23 Şubat 2011 Çarşamba

Hindistan’ın ‘Geline ait Mistisizm’ Geleneği: Transandantal Erotik Aşk


Hindistan‘ın Kültürel Mirası

Hindistan’da aşk kavramı çok yüceltilir. Bu Sanskrit edebiyatında fazlaca bulunan efsanevi aşk hikayelerinin çeşitliliğinden bellidir ki, bu edebiyat heyecan verici aşk öykülerinin birikmiş en zengin hazinelerinden şüphesiz biridir. Hindu tarih ve folklorunda klasik aşk efsaneleri içerik açısından hem tutkulu hem de duygusaldır; içimizdeki romantik aşka hitap ederler. Bu öyküler hayallerimizi geliştirip duygularımızı meşgul eder, bizi eğlendirirler. Ama bu efsanevi aşkların hiç biri sıradan ya da bu dünyaya ait aşklar değil; tamamen mistik ve ebedidir.

“Geline ait Mistisizm”:Transandantal Erotik Aşk

Ezoterik Öğretimin yolu Bhagavad-gita’dan tanıdığımız Şri Krişna’dan başlar ve günümüze kadar devam eder. ‘Geline Ait Aşk’ yolunun böyle benzersiz ve ilginç olmasının nedeni onun Bhagavan (en yüksek varlık) ile bu türden bir aşk duygusunu kabul edip anlayan ve geliştiren tek var olan gizemli okul olmasıdır.

“Geline ait aşk “evlilikle ilgili veya evli kişilerin ilişkileri” anlamına gelir. Ama bizim en üstün aşık Krişna’ya has evlilik aşkı tanımımız çok daha geniştir çünkü Krişna gopiler (inek-güden çoban genç kızlar) ile de cilveleşir. Bu Krişna’nın ahlaksız olduğu anlamına mı gelir? Hayır, çünkü Tanrı ne yaparsa yapsın o ahlakın özünü oluşturur. O kendi yarattıkları ve enerjilerini kontrol etme, onların zevkini çıkarma hakkına koşulsuz sahiptir. Belki daha doğru bir terim ‘transandantal erotik aşk’ olacaktır. Ama bizim ruhsal öğretmenlerimiz ‘nikaha ait aşk’ terimini kullanırlar bu yüzden uygunluk açısından biz de bu terimi kullanacağız.
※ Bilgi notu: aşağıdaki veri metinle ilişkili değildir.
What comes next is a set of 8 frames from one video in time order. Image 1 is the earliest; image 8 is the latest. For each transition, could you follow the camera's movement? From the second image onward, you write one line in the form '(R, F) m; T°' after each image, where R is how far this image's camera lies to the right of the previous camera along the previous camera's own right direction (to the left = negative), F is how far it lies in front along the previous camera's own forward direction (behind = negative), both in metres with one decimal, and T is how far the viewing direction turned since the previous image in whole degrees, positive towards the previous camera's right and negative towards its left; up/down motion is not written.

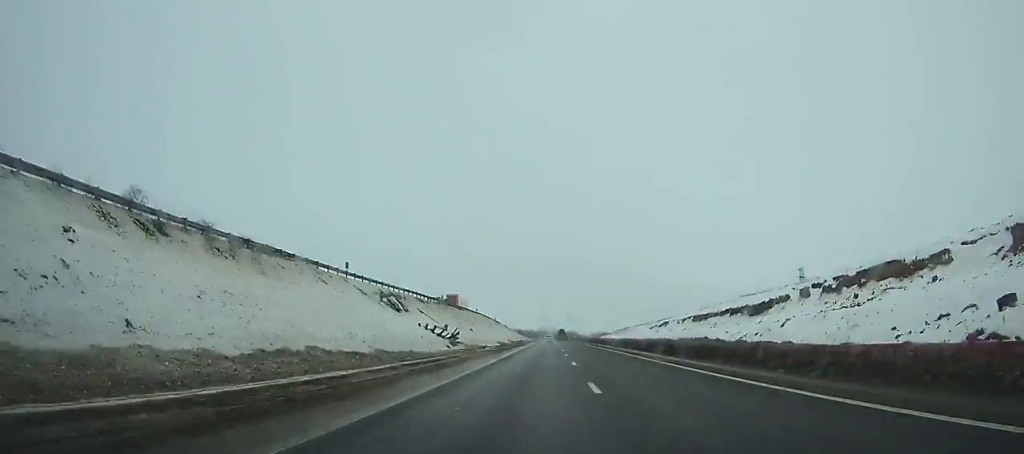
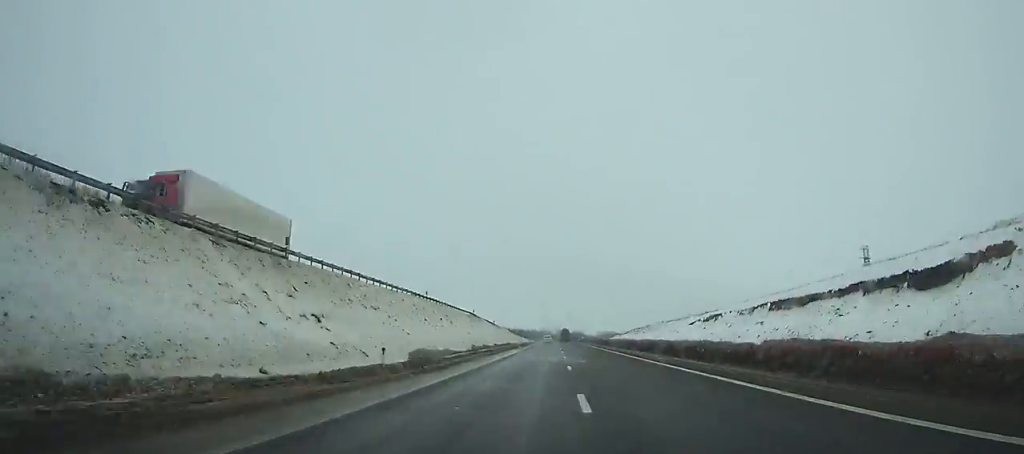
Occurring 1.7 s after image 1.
(+0.1, +51.3) m; 0°
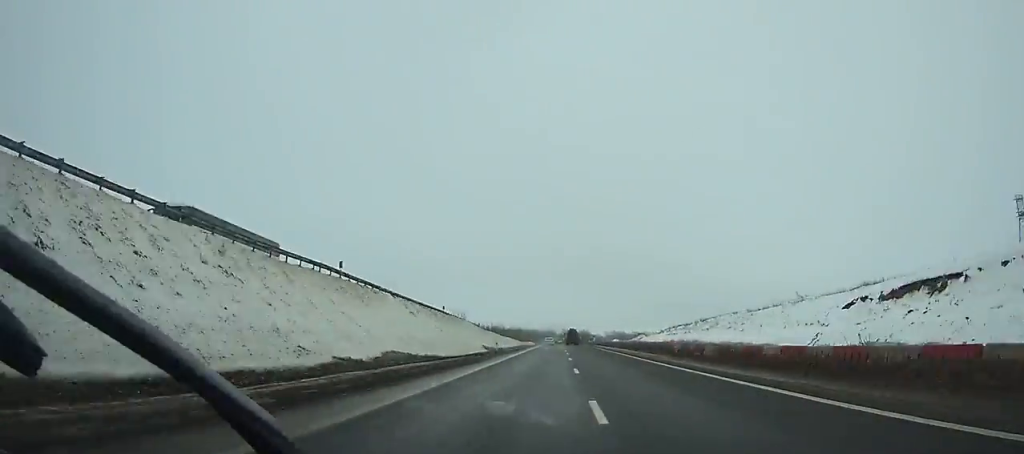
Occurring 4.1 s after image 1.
(-0.3, +71.0) m; 0°
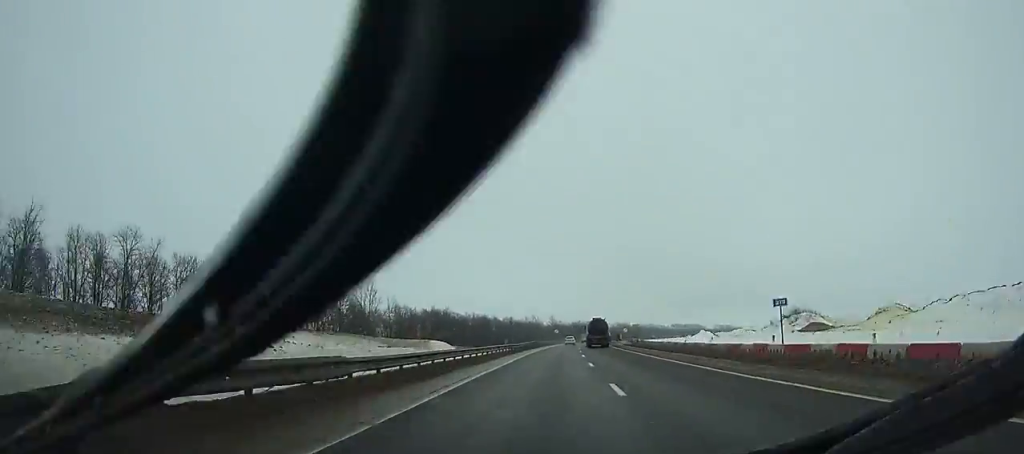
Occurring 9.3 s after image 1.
(+1.5, +149.1) m; +2°
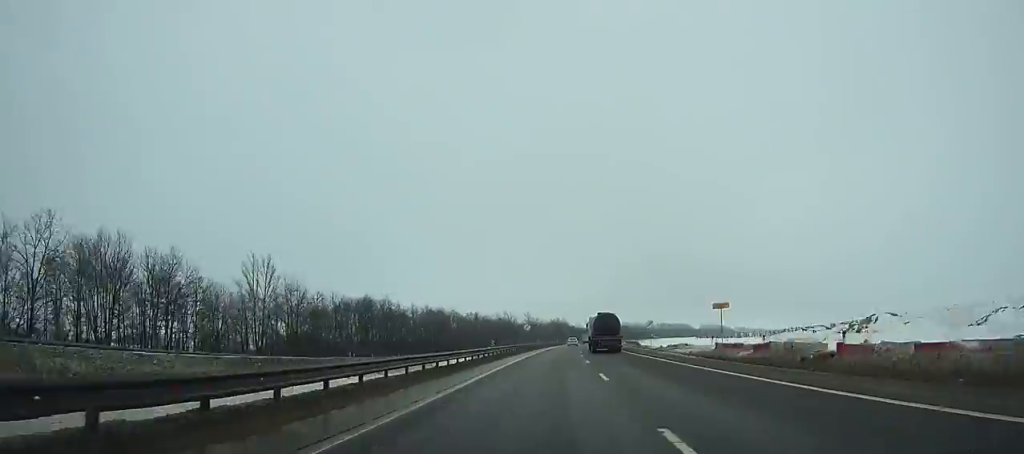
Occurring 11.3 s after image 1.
(+0.8, +56.1) m; +2°
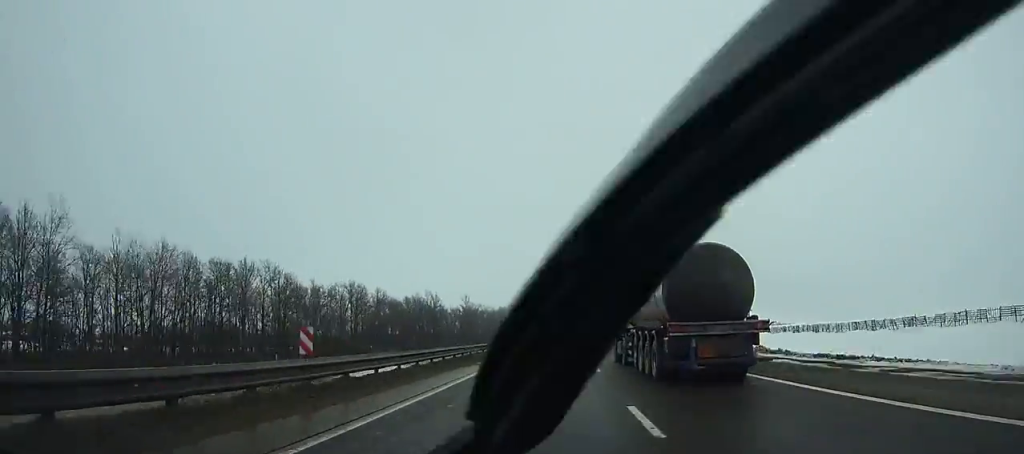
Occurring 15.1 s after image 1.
(+4.2, +105.6) m; +4°
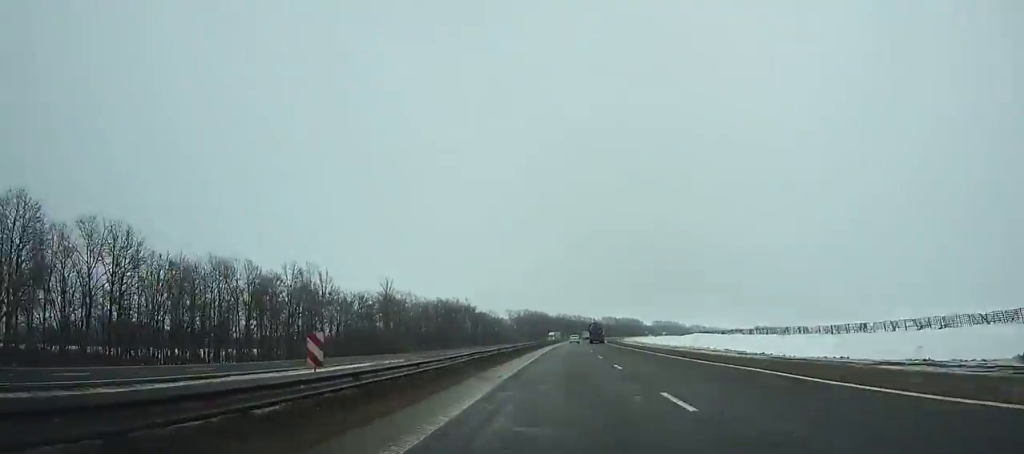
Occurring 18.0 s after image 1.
(+2.4, +80.5) m; +3°
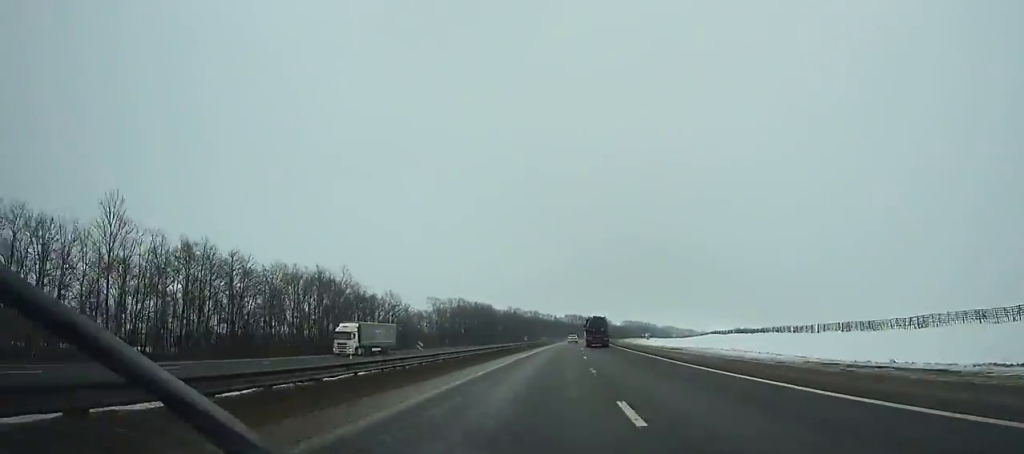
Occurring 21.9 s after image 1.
(+3.7, +108.8) m; +4°

Hindu Tarih ve Folkloruna Dayanan Ezoterik Aşk Efsaneleri: Radha ile Krişna

Radha-Krişna aşkı tüm zamanların bir aşk efsanesidir. Bhagavad-gita’dan tanıdığımız Krişna’nın ‘gopiler’ (inek-güden kızlar) arasında en sevdiği Radha ile ilişkisi çeşitli sanat formlarında erkek ve kadın aşkı için bir model olarak hizmet verir ve 16. yüzyıldan bu yana Kuzey Hindistan resimlerinde göze çarpacak surette bir motif olarak görünür. Radha’nın alegorik aşkı Govinda Das, Çeytanya Mahaprabhu ve Jayadeva’nın (Gita Govinda’nın yazarı) önemli bazı Bengalce şiirsel eserlerde de ifadesini bulmuştur.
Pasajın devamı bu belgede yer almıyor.